The investigation reveals that your offer in the amount
of $3,763 is not adequate. The financial analysis
indicates that your offer should be increased to at
least $59,676. I have attached copies of the
Asset/Equity Table (AET) and Income/Expense Table (IET)
to support this determination.
I have also enclosed Form 656 [Offer in Compromise] for
you to submit an “amended offer” for $59,676 if this is
acceptable to you.
If you have any questions or wish to discuss further,
please contact me at the telephone number shown above.

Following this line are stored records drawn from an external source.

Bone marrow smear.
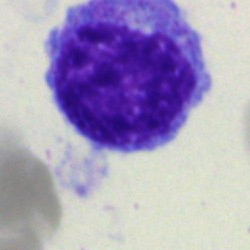Morphological class — blast.
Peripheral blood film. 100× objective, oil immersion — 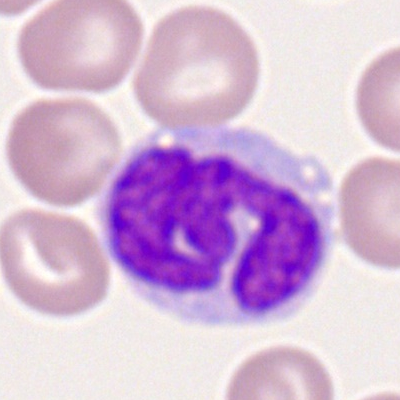
Cell = monocyte.
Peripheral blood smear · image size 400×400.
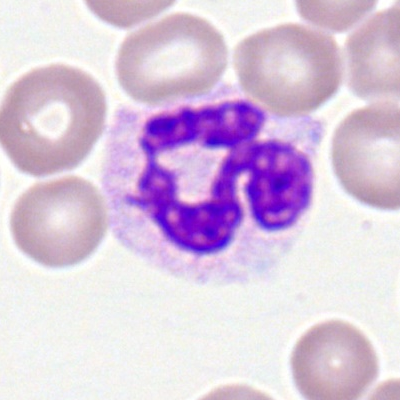
Showing a neutrophil (segmented).
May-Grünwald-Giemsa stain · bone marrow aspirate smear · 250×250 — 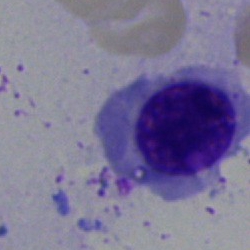 Morphology consistent with a nucleated red blood cell.
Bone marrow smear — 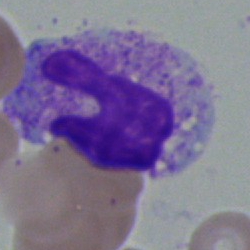
Cell: polymorphonuclear neutrophil.
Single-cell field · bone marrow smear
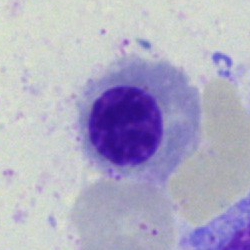 Morphological class — erythroblast.
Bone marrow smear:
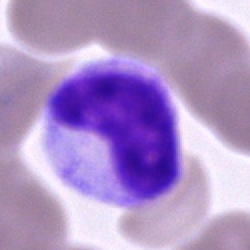

Morphology consistent with a metamyelocyte.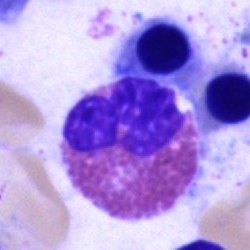

An eosinophil.
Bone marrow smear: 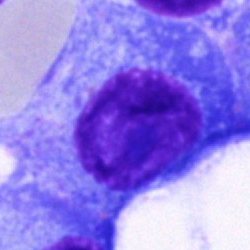
Specimen: bone marrow aspirate smear.
Morphological class: plasmacyte.
Lineage: lymphoid.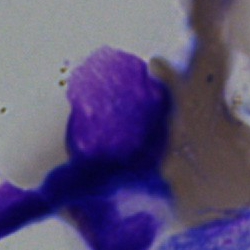 Artifact.
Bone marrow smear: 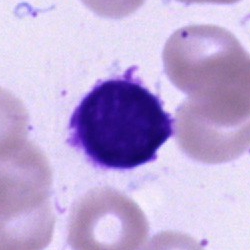
This is a typical lymphocyte.
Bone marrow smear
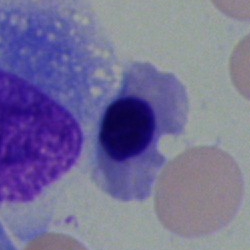

Classification — erythroblast.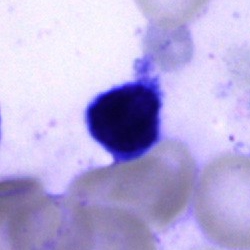

A lymphocyte on a bone marrow smear.
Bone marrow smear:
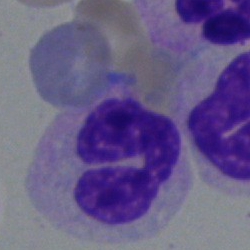 Cell type — neutrophil (segmented).
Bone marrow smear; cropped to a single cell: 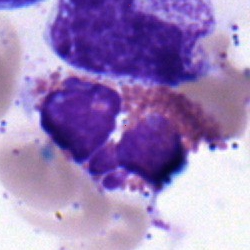 Morphology — eosinophilic granulocyte.
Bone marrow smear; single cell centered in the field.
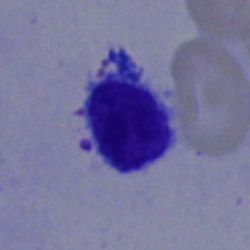

The cell shown is a lymphocyte.
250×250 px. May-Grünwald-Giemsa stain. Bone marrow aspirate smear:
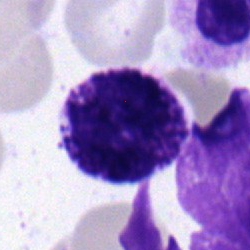

The cell shown is a basophil.
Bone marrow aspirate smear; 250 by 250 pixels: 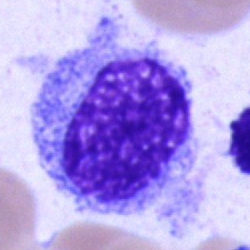Classification — blast cell.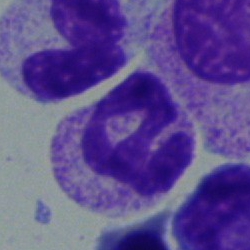Specimen: bone marrow aspirate smear.
Cell: segmented neutrophil.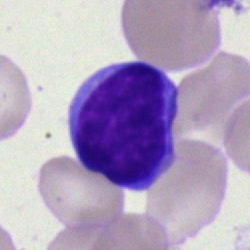
Specimen: bone marrow smear.
Morphological class: lymphocyte.
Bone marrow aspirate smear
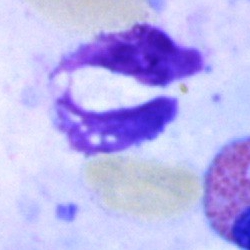

An artifact.
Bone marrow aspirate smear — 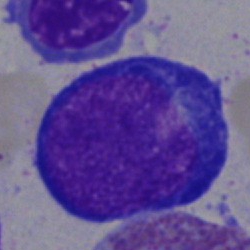
{"cell_type": "proerythroblast"}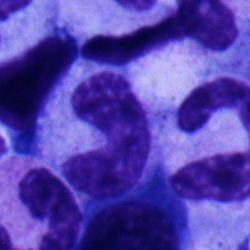 The cell shown is a neutrophil (band).
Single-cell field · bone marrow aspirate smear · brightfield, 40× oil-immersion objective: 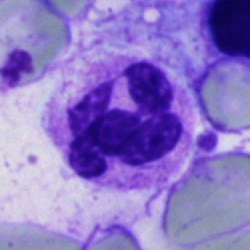
{"cell_type": "segmented neutrophil", "lineage": "myeloid"}
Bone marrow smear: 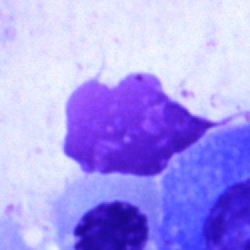
Morphological class = artifact.
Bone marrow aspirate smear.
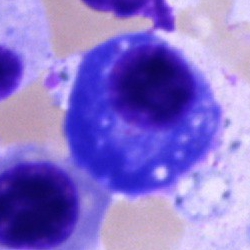Morphological class — plasmacyte.
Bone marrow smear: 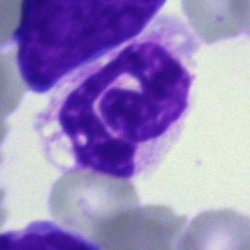Cell — polymorphonuclear neutrophil.
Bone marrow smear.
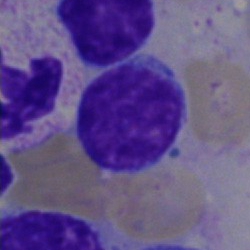

Specimen: bone marrow smear.
Classification: lymphocyte.
Lineage: lymphoid.
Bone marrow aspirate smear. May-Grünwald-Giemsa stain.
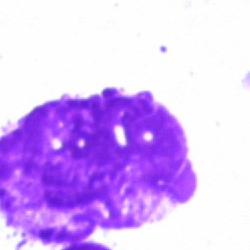The cell shown is an artifact.
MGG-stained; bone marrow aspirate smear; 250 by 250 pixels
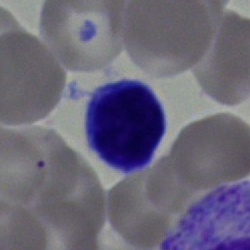

Cell — typical lymphocyte.
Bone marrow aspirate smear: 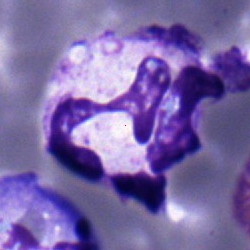

Morphology — neutrophil (segmented).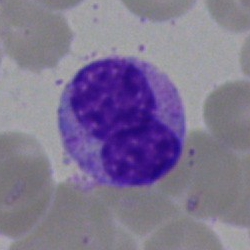 Single-cell crop from a bone marrow smear: metamyelocyte.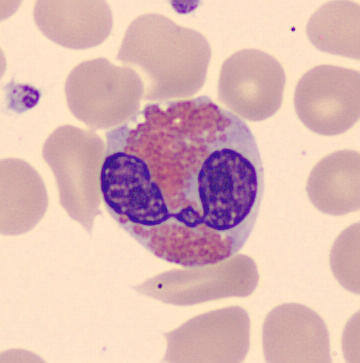 Specimen: peripheral blood smear.
Cell type: eosinophilic granulocyte.
Lineage: myeloid.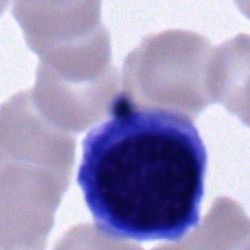 {"cell_type": "erythroblast"}
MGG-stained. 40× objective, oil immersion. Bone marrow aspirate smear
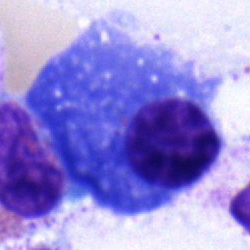
Q: What cell is this?
A: A plasma cell.
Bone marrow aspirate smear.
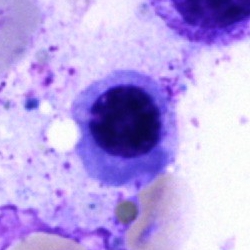This is a nucleated red cell.
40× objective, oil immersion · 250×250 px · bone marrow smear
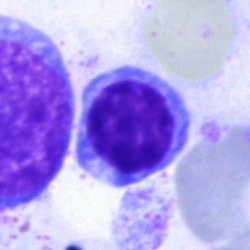Classification = lymphocyte.

If I do not receive a response from you, I will assume
that you no longer wish to pursue this matter. I will
issue my determination based on the available
information in your case file.
Petitioner did not contact the Appeals officer by telephone,
as she had suggested. By letter dated August 14, 2002, mailed
August 19, 2002, and received by the Appeals Office on August 20,
2002, petitioner submitted an amended offer in compromise in the
amount of $9,756. Petitioner’s transmittal letter indicated that
he believed that his options were to appeal within 30 days to the
Office of Appeals or to submit another offer, based on
instructions in the Form 656 package. Petitioner also suggested
that the revenue officer’s method of calculating income did not
consider the expenses of running his business, as reflected on
his tax returns for 1999, 2000, and 2001.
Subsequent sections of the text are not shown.